The following week at the Amazon Web Services (AWS) re:Invent conference in Las Vegas, James Hamilton, AWS’ vice president and distinguished engineer, discussed the tricks Amazon uses to scale.
Though Amazon is selective about what numbers it shares, AWS is growing at a prodigious rate. Each day, it adds the equivalent amount of compute resources (servers, routers, data center gear) that it had in total in the year 2000, Hamilton said. “This is a different type of scale,” he said.
Key for AWS, which launched in 2006, was good architectural design. Hamilton admitted that Amazon was lucky to have got the architecture for AWS largely correct from the beginning.
“When you see fast growth, you learn about architecture. If there are architectural errors or mistakes made in the application, and the customers decide to use them in a big way, there are lots of outages and lots of pain,” Hamilton said.
The cost of deploying a service on AWS comes down to setting up and deploying the infrastructure, Hamilton explained. For most organizations, IT infrastructure is an expense, not the core of its business. But at AWS, engineers focus solely on driving down costs for the infrastructure.
Like Google, Amazon often builds its own equipment, such as servers. That’s not practical for enterprises, he acknowledged, but it works for an operation as large as AWS.
“If you have tens of thousands of servers doing exactly the same thing, you’d be stealing from your customers not to optimize the hardware,” Hamilton said. He also noted that servers sold through the regular IT hardware channel often cost about 30 percent more than buying individual components from manufacturers.
Not only does this allow AWS to cut costs for customers, but it also allows the company to talk with the component manufacturers directly about improvements that would benefit AWS.
“It makes sense economically to operate this way, and it makes sense from a pace-of-innovation perspective as well,” Hamilton said.
Beyond cloud computing, another field of IT that deals with scalability is supercomputing, in which a single machine may have thousands of nodes, each with dozens of processors. On the last day of the SC13 supercomputer conference, a panel of operators and vendors assembled to discuss scalability issues.
William Kramer, who oversees the National Center for Supercomputing Applications’ Blue Waters machine at the University of Illinois at Urbana Champaign, noted that supercomputing is experiencing tremendous growth, driving the need for new workload scheduling tools to ensure organizations get the most from their investment.
“What is now in a chip—a single piece of silicon—is the size of the systems we were trying to schedule 15 years ago,” Kramer said. “We’ve assumed the operating system or the programmer will handle all that scheduling we were doing.”
The old supercomputing metrics of throughput seem to be fraying. This year, Jack Dongarra, one of the creators of the Linpack benchmark used to compare computers on the SC500 list, called for additional metrics to better gauge a supercomputer’s effectiveness.

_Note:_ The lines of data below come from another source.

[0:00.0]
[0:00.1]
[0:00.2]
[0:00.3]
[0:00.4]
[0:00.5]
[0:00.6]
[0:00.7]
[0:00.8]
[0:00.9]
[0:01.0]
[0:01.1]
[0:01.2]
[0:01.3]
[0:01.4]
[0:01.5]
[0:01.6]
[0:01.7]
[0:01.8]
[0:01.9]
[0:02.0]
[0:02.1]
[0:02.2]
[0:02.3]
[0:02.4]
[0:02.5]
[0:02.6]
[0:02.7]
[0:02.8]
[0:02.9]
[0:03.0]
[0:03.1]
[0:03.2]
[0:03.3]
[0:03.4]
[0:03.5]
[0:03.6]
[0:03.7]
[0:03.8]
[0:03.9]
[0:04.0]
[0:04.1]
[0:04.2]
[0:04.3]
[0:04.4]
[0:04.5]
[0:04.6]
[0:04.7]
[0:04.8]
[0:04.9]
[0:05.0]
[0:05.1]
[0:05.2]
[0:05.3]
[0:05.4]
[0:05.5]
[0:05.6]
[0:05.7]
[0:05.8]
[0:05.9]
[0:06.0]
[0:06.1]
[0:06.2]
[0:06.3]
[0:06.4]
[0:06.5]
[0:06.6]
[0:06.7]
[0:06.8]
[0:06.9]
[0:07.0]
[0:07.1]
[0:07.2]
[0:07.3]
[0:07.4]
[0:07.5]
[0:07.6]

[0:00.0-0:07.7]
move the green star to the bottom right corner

Judging a system’s true efficiency can be tricky, though.
“You want to measure the amount of work going through the system over a period of time,” and not just a simplistic measure of how much each node is being utilized, Kramer said.

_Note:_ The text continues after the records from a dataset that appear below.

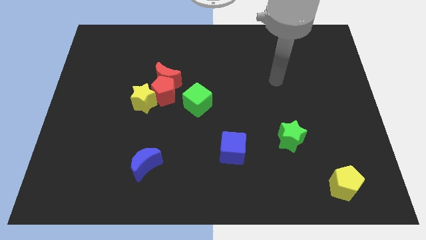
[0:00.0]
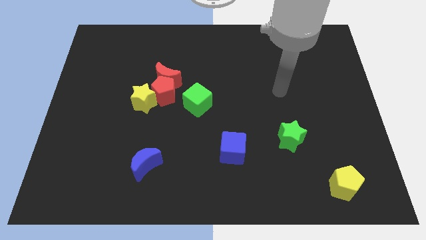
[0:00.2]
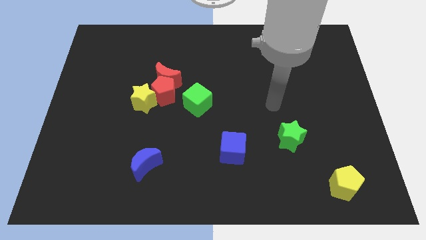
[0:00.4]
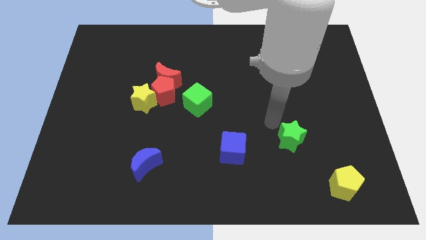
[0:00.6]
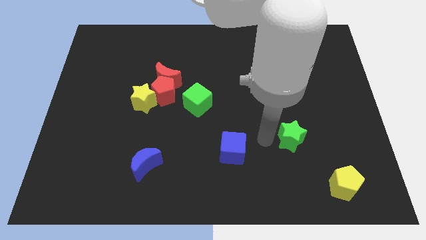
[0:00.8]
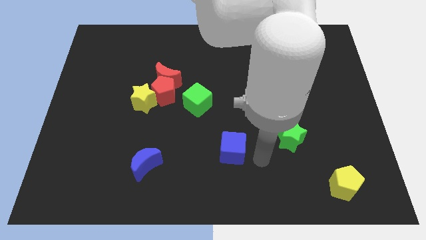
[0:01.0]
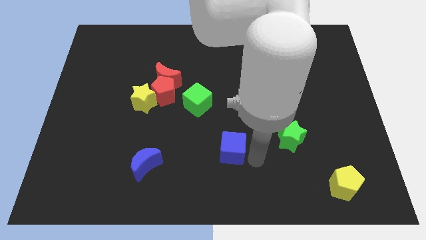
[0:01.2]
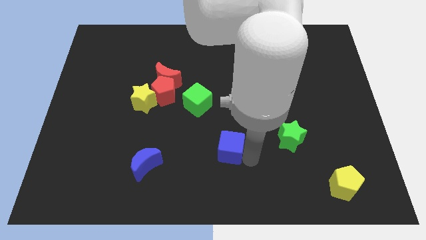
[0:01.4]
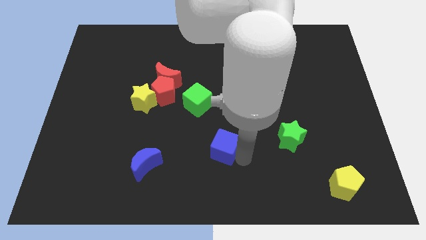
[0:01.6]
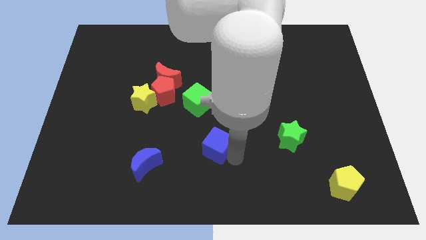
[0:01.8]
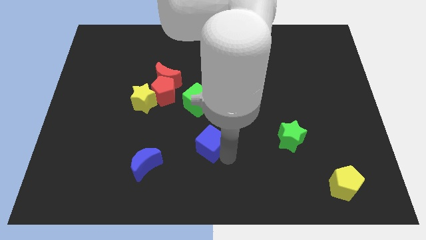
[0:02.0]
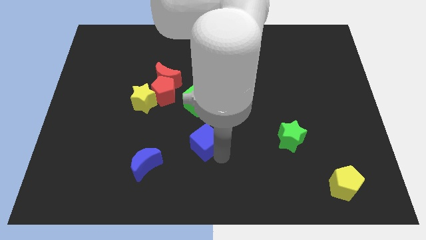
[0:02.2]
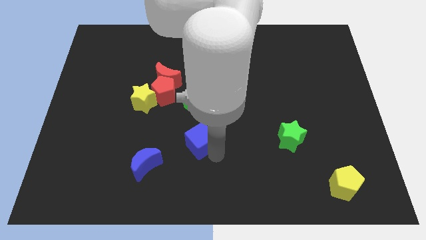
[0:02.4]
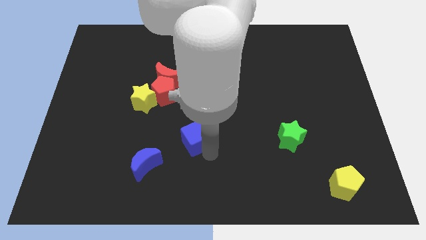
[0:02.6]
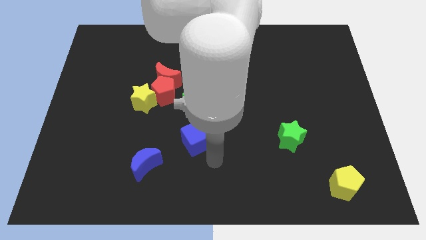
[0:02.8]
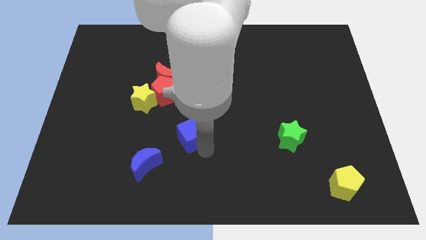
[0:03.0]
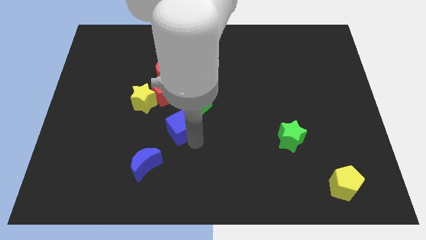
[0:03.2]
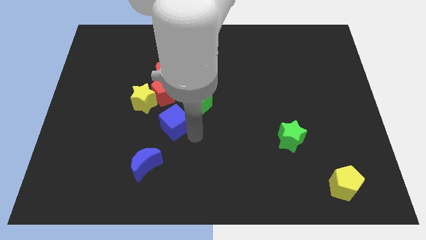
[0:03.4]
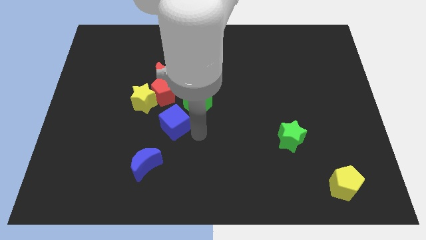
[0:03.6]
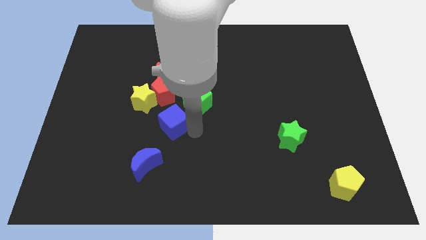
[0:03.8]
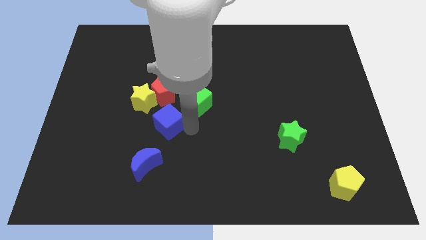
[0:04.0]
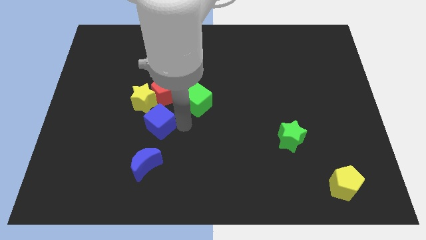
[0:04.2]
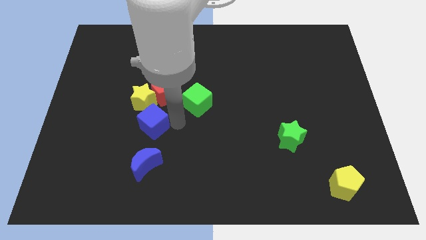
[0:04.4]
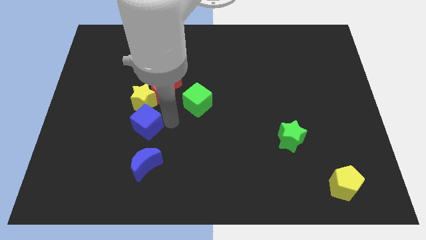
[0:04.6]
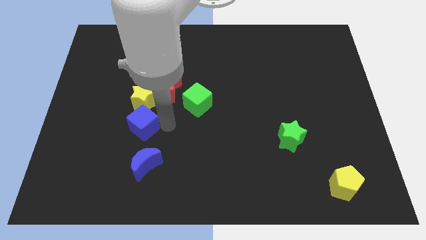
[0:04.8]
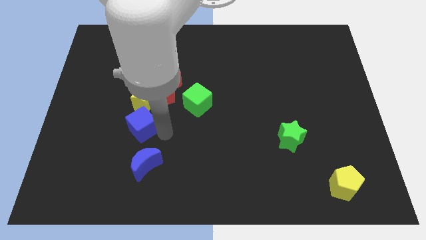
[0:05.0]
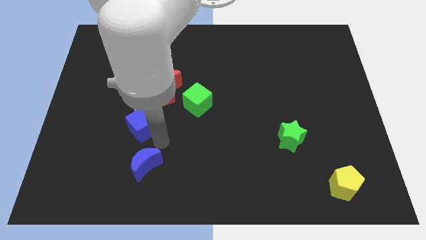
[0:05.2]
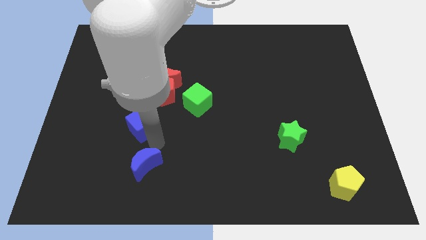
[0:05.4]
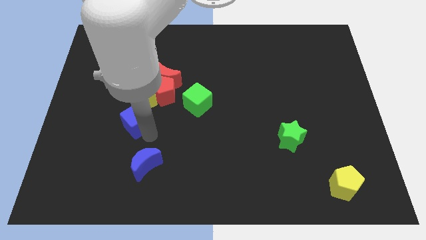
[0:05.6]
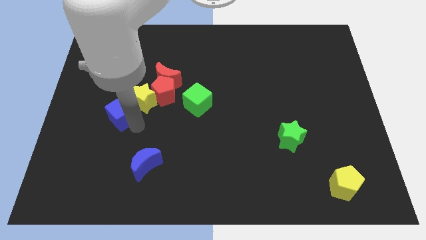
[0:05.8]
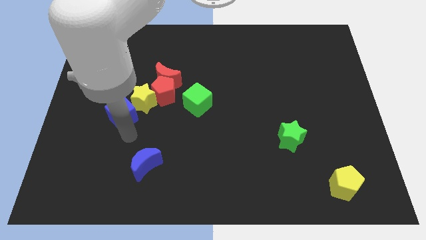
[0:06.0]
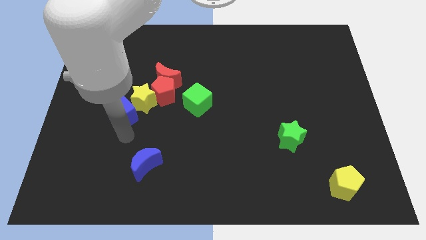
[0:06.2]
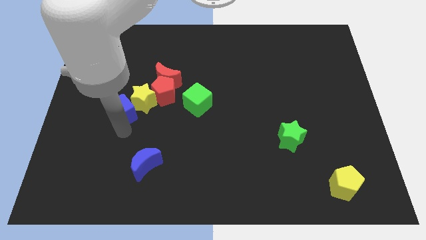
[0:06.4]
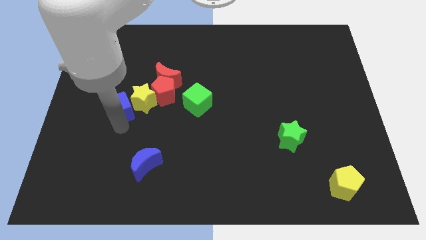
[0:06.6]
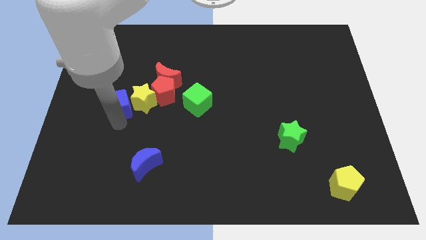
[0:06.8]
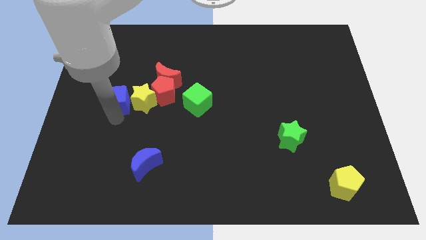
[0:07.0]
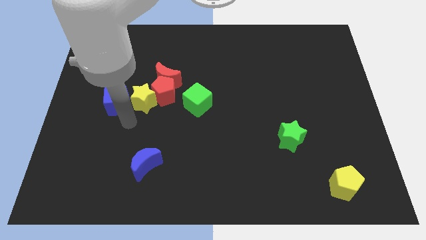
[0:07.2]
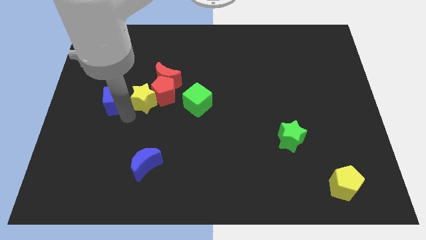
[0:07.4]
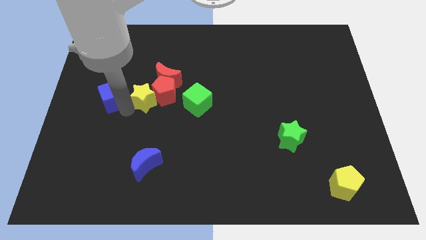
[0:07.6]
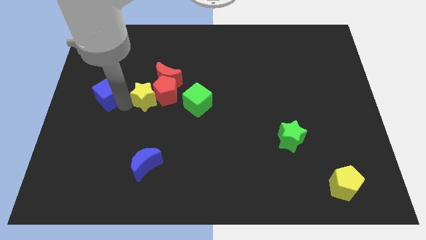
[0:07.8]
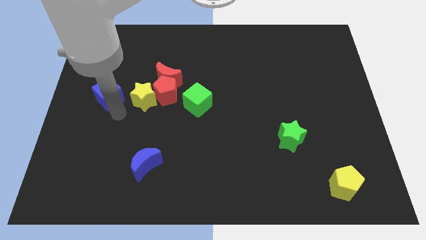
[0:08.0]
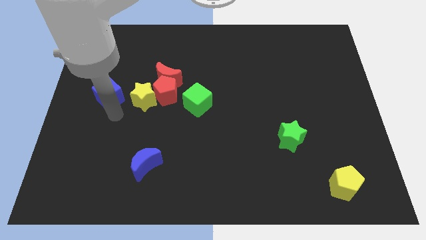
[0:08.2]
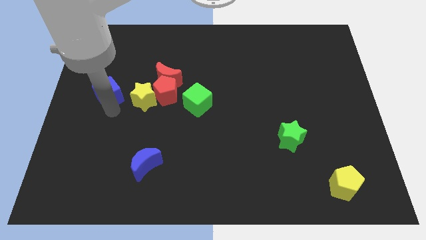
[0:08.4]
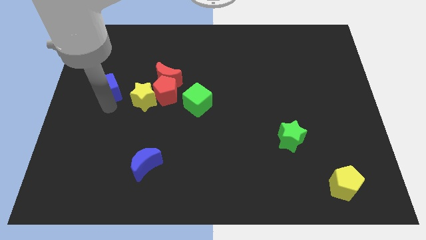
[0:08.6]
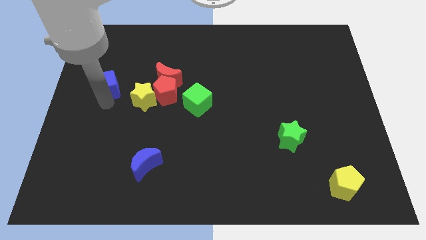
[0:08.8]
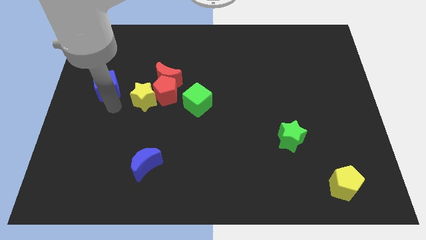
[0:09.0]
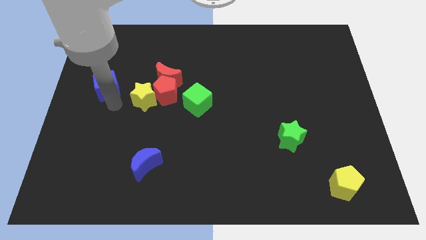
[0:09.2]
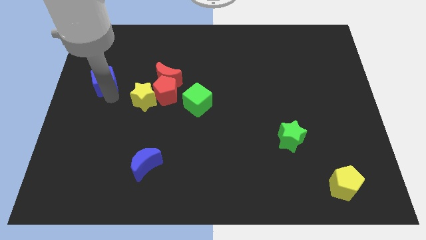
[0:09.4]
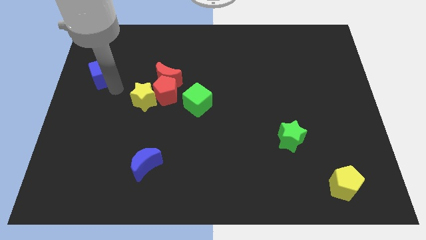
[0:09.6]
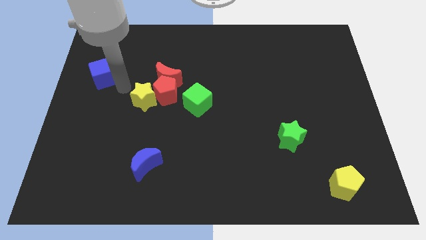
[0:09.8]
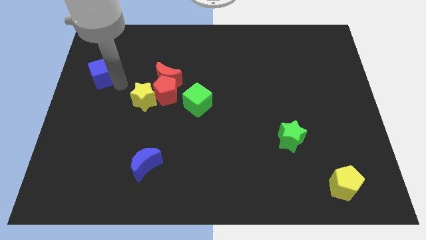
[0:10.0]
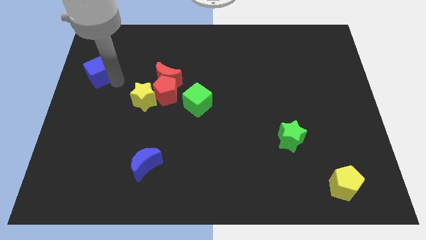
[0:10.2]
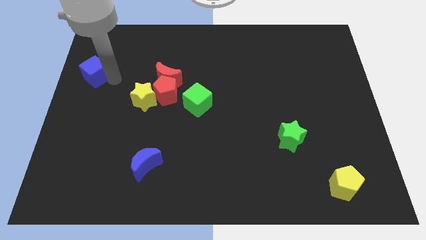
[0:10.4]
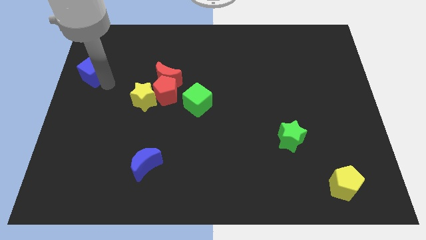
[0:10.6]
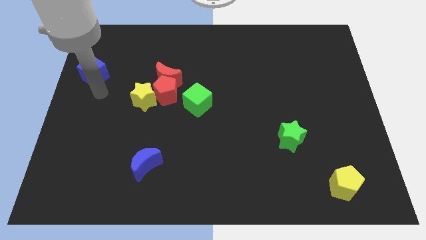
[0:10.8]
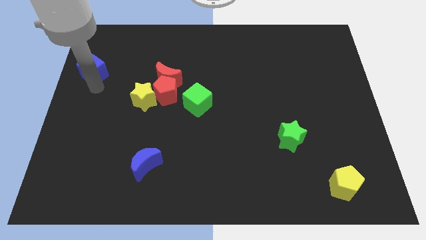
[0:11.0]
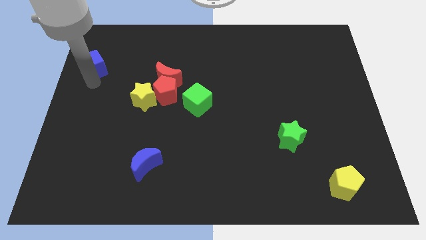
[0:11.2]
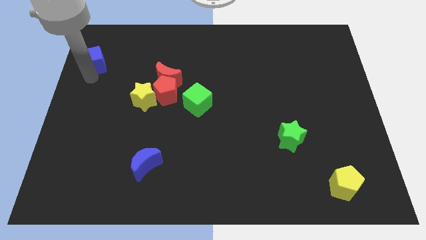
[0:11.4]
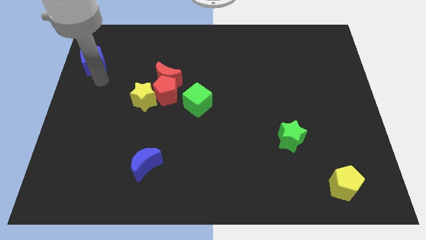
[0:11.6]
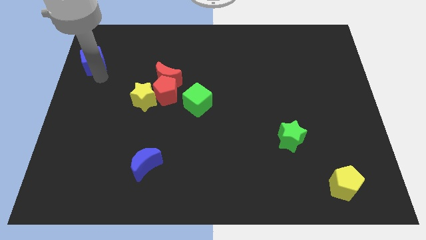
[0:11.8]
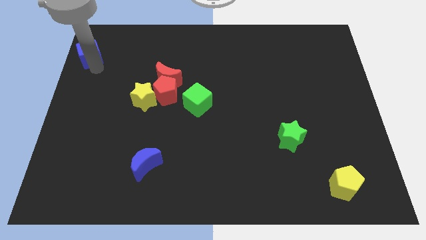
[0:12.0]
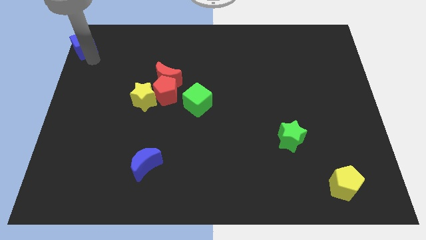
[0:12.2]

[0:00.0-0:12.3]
slide the blue cube to the upper left corner

He noted that an organization can measure the utilization of a system by measuring the percentage of time each node is utilized. But this approach can be misleading in that a workload can be slowed to increase the utilization rate, but as a result, less work is going through the system overall.
John Hengeveld, Intel’s director of HPC marketing, suggested the supercomputing community take a tip from manufacturers of airplane jet engines.
“At Rolls-Royce, you don’t buy a jet engine any longer, you buy hours of propulsion in the air. They ensure you get that number of hours of propulsion for the amount of money you pay. Maybe that is the way we should be doing things now,” Hengeveld said. “We shouldn’t be buying chips, we should buy results.”